長方形のテーブルを挟み、四人ずつ向かいあうかたちで八人が席についた。モリヤと未遠が並んだちょうど真向かいに、男と美針が座った。皆が落ち着いたのを見計らって、美針が立ち上がった。
「改めてご紹介します。ディーさんことディザイアさん」
「……ディザイアです」
男はサングラスを外し、会釈した。ゴスロリ・サークルの集まりには仰々しいハンドルネームを使いたがる者が多い。モリヤの右側に仲良く座っている、シルクハットを被った脂性の青年と太ったロリータ少女のカップルもそれぞれスメラギ「皇」「姫乃」と名乗っており、「貴族様を気取っているくせに肝心の名前が暴走族センスで、全くお里が知れる」とモリヤは常々未遠の前で嘲っていた。「ディザイア」などという気恥ずかしい単語を大真面目に名乗ったのがこの男でなかったら、モリヤは失笑のあまり噴き出していたに違いない。

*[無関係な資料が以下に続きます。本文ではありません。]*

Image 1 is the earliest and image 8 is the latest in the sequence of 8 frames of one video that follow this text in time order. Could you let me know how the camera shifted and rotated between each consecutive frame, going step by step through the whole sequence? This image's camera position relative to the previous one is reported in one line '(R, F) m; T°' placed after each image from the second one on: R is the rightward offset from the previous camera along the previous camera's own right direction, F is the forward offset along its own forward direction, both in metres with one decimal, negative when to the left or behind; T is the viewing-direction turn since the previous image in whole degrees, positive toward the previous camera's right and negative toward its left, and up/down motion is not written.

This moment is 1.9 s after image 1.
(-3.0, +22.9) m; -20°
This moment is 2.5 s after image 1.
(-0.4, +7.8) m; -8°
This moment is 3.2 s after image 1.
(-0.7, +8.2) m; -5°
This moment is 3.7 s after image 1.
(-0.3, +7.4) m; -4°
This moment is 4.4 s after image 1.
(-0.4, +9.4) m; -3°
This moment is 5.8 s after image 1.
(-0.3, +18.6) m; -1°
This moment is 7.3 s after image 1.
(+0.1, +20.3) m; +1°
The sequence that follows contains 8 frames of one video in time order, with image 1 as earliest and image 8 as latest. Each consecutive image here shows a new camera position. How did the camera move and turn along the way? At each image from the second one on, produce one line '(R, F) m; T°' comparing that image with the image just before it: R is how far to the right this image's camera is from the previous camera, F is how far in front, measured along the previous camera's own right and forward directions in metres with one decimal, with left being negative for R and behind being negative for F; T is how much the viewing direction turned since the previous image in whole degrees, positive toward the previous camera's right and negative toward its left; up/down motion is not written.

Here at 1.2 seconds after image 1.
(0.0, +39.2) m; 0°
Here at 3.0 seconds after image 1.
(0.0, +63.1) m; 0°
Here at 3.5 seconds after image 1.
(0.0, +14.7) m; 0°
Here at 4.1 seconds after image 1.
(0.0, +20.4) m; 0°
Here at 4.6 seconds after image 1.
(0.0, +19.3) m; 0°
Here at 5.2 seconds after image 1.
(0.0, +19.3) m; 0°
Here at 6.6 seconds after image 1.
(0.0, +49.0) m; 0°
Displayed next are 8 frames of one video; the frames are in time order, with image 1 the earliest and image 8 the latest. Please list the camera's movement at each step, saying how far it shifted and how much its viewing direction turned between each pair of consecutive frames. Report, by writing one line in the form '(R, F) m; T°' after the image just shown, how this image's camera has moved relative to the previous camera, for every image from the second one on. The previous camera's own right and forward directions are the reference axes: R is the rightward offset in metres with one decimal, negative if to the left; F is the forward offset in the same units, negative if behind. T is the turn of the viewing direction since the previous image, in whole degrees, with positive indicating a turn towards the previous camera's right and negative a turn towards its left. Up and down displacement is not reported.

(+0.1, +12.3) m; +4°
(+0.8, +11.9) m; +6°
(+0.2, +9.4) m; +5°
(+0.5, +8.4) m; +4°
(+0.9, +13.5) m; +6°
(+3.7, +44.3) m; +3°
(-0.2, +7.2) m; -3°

常連のメンバーも、ディザイアと名乗った男のために、美針から時計回りの順で一人ずつ自己紹介した。皇はご丁寧に「自分は吸血鬼一族の貴族で、この姫乃が成人したら一族に加える予定です」と設定まで披露した。最後に未遠がか細い声で「高村未遠です」と言ったところでドリンクが運ばれてきて、一同は乾杯した。
男は懐から暗紅の液体を満たした小瓶を取り出し、赤ワインのグラスに数滴落としてから、口をつけた。
「いま、何を入れたんですか?」
「血……ですよ」
「いやだあ!」
男の一挙手一投足にいちいち反応する美針の金属質な声が耳に障る。モリヤは未遠に向かって顔を顰めてみせた。